- Entries provided -
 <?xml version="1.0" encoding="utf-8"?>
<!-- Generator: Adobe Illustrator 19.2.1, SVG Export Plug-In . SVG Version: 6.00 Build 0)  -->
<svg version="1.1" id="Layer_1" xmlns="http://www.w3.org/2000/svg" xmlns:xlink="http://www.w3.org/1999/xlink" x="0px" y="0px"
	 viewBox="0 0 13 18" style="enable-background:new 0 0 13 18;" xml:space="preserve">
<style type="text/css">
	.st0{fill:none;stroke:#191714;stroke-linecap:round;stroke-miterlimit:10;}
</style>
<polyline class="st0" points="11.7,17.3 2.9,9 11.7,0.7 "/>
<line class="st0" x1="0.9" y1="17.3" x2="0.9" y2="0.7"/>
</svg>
* * *
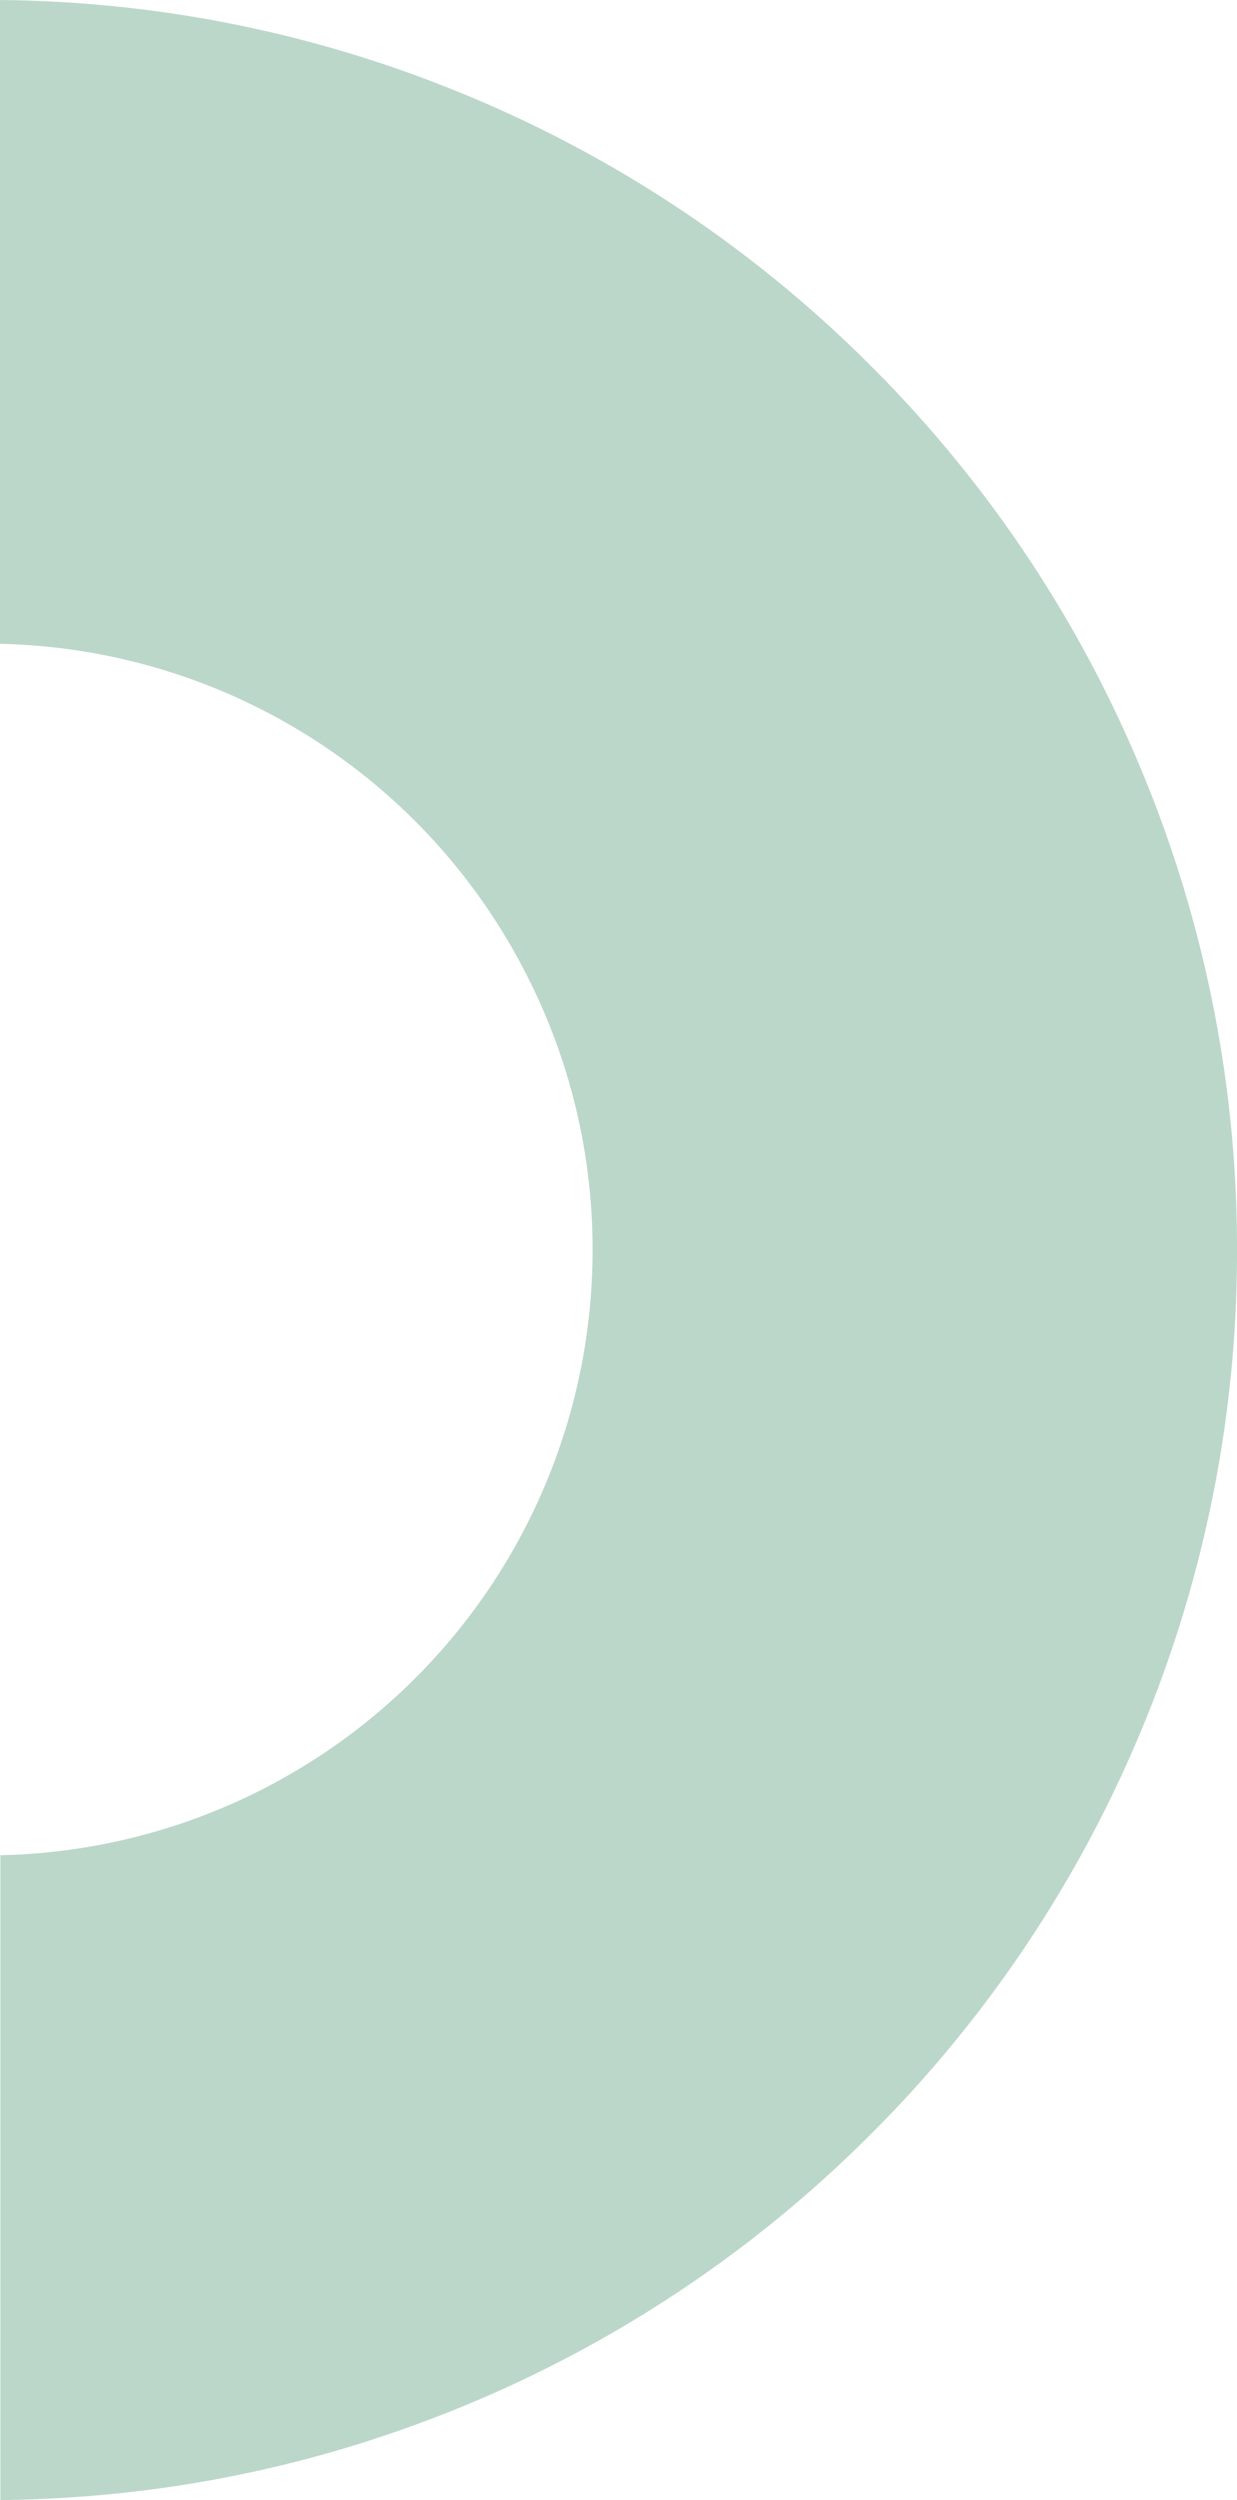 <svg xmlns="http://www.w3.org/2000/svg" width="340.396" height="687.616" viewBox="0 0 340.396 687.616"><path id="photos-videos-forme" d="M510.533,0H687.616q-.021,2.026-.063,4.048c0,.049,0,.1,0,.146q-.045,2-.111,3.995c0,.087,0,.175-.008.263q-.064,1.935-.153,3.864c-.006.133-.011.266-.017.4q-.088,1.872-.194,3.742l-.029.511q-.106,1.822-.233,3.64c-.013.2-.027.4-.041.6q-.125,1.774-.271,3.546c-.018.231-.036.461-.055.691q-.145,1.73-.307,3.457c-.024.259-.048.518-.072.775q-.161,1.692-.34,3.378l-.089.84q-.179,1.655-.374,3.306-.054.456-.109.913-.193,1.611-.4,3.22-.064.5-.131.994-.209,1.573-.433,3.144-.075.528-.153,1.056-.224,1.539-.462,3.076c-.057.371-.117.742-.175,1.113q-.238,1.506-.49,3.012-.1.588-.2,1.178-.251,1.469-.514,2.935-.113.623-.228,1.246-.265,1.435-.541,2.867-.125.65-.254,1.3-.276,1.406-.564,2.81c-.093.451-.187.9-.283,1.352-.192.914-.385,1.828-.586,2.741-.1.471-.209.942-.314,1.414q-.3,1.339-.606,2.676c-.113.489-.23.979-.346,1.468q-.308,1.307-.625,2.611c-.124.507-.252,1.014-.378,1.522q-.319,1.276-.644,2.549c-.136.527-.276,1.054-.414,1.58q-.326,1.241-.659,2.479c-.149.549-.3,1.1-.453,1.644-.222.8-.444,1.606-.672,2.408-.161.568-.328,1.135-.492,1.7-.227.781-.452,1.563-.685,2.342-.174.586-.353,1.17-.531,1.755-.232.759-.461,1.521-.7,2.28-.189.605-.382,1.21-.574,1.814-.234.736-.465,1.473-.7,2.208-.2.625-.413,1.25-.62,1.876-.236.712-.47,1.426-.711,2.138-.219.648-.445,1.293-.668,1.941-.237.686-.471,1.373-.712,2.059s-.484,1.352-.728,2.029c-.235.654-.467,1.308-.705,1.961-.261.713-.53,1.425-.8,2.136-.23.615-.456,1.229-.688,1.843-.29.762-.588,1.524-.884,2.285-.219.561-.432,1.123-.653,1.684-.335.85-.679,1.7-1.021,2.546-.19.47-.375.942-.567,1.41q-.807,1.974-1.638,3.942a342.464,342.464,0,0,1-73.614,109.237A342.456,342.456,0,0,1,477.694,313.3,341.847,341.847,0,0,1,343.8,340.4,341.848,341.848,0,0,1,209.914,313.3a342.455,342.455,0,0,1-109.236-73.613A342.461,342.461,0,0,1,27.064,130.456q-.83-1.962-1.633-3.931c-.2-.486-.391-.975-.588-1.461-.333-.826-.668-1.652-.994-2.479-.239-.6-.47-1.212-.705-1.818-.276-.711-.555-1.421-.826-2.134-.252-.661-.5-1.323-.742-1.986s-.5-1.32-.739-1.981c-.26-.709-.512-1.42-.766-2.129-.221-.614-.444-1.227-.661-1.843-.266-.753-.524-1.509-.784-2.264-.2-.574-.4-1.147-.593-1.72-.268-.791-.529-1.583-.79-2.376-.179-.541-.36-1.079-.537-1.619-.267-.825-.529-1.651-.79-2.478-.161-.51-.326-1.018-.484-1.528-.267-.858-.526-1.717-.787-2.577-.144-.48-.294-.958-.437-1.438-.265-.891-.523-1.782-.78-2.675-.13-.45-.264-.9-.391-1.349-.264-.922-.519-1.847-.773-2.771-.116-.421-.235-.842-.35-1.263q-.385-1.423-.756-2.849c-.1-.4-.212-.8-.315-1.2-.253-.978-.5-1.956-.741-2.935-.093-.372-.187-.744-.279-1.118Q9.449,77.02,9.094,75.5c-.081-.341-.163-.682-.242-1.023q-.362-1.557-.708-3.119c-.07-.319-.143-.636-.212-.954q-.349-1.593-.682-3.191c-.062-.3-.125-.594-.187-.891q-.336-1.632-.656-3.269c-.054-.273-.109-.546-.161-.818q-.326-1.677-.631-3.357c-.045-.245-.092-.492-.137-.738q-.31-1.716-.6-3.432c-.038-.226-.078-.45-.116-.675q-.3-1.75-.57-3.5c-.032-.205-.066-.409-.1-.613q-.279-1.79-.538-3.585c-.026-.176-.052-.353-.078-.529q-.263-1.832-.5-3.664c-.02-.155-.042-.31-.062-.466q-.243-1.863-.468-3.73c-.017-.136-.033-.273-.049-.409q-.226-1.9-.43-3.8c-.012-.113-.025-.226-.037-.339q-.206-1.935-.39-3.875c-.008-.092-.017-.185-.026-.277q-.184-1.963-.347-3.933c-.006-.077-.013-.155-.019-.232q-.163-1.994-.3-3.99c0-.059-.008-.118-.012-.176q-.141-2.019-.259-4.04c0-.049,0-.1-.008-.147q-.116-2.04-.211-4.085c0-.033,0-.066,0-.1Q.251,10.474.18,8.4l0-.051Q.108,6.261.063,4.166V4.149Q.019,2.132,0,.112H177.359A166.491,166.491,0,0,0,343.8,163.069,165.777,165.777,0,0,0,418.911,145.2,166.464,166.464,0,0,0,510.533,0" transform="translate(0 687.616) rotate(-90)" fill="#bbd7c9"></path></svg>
* * *
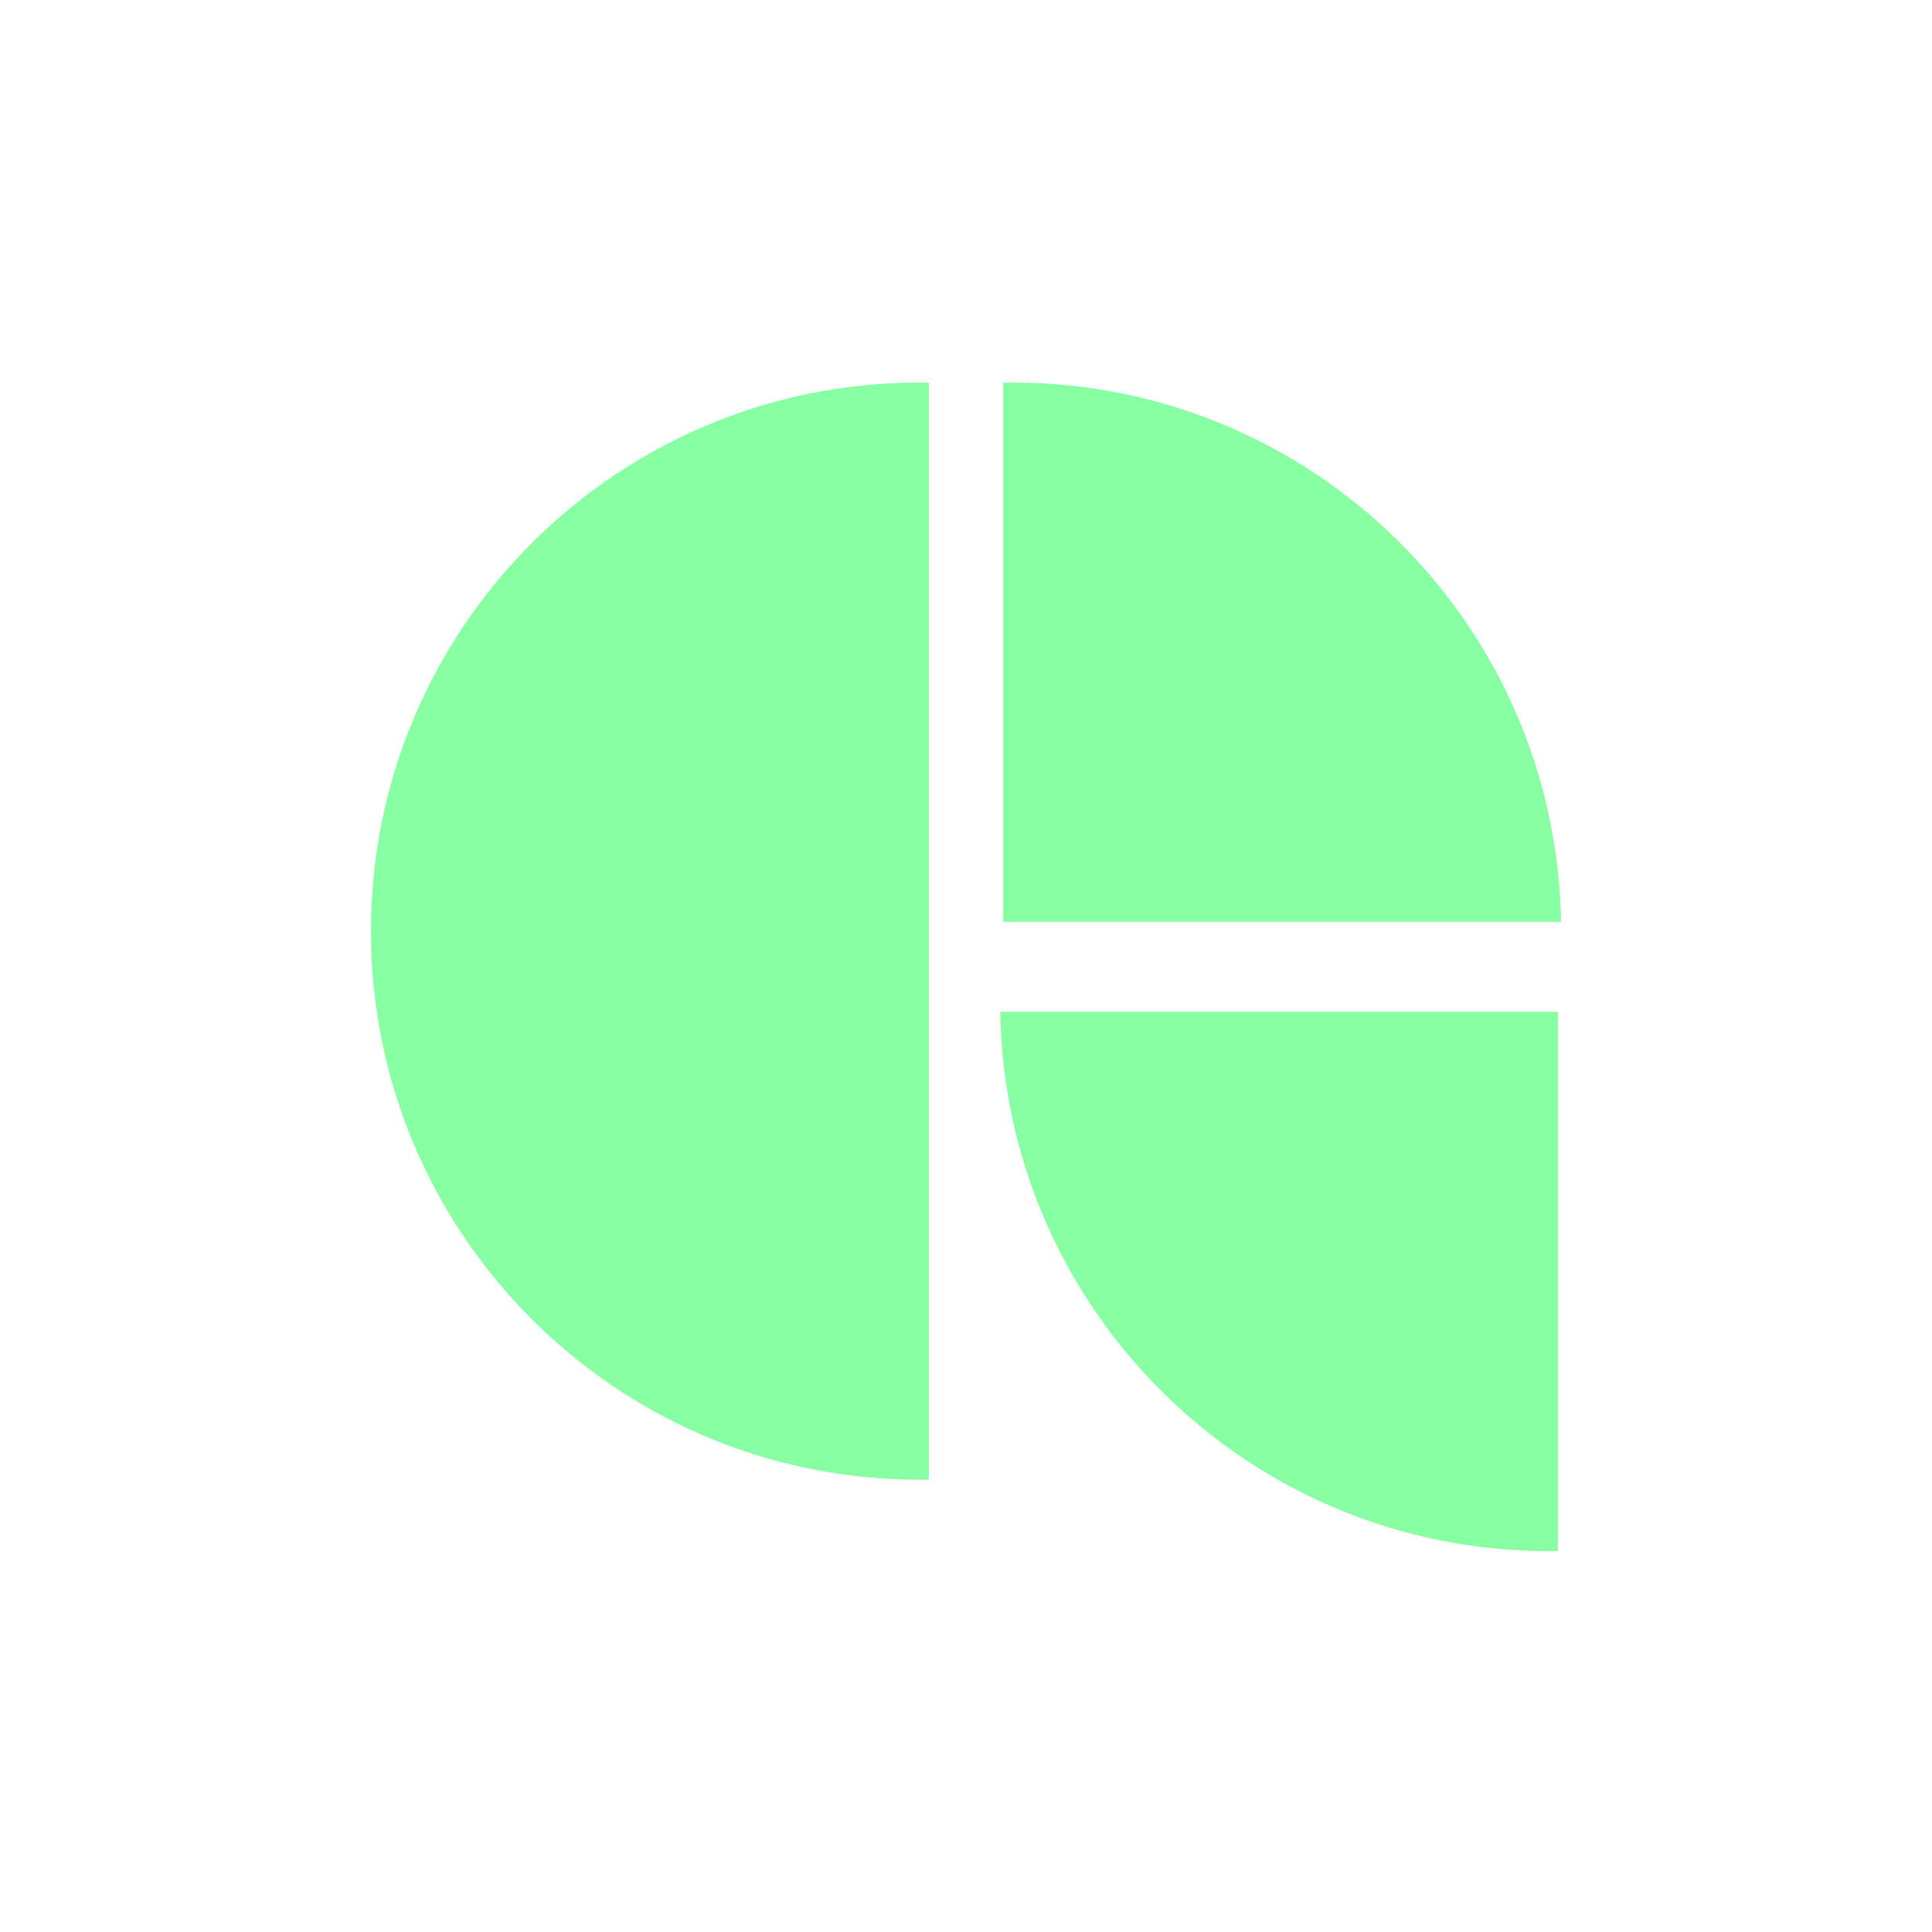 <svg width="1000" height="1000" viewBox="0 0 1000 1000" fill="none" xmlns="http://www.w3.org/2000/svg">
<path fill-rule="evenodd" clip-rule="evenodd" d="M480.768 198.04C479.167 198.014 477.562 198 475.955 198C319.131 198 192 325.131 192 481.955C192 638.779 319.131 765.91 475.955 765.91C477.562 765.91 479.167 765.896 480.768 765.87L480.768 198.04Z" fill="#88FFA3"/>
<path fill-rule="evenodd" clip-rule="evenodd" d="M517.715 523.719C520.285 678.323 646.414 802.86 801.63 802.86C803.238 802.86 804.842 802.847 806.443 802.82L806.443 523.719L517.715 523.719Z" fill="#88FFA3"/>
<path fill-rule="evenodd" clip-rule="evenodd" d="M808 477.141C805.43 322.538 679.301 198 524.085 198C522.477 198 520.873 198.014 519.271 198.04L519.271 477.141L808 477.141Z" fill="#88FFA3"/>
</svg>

- Exercise -
Find every line in the records that has the word "class". Then report the count alone.

- Task response -
2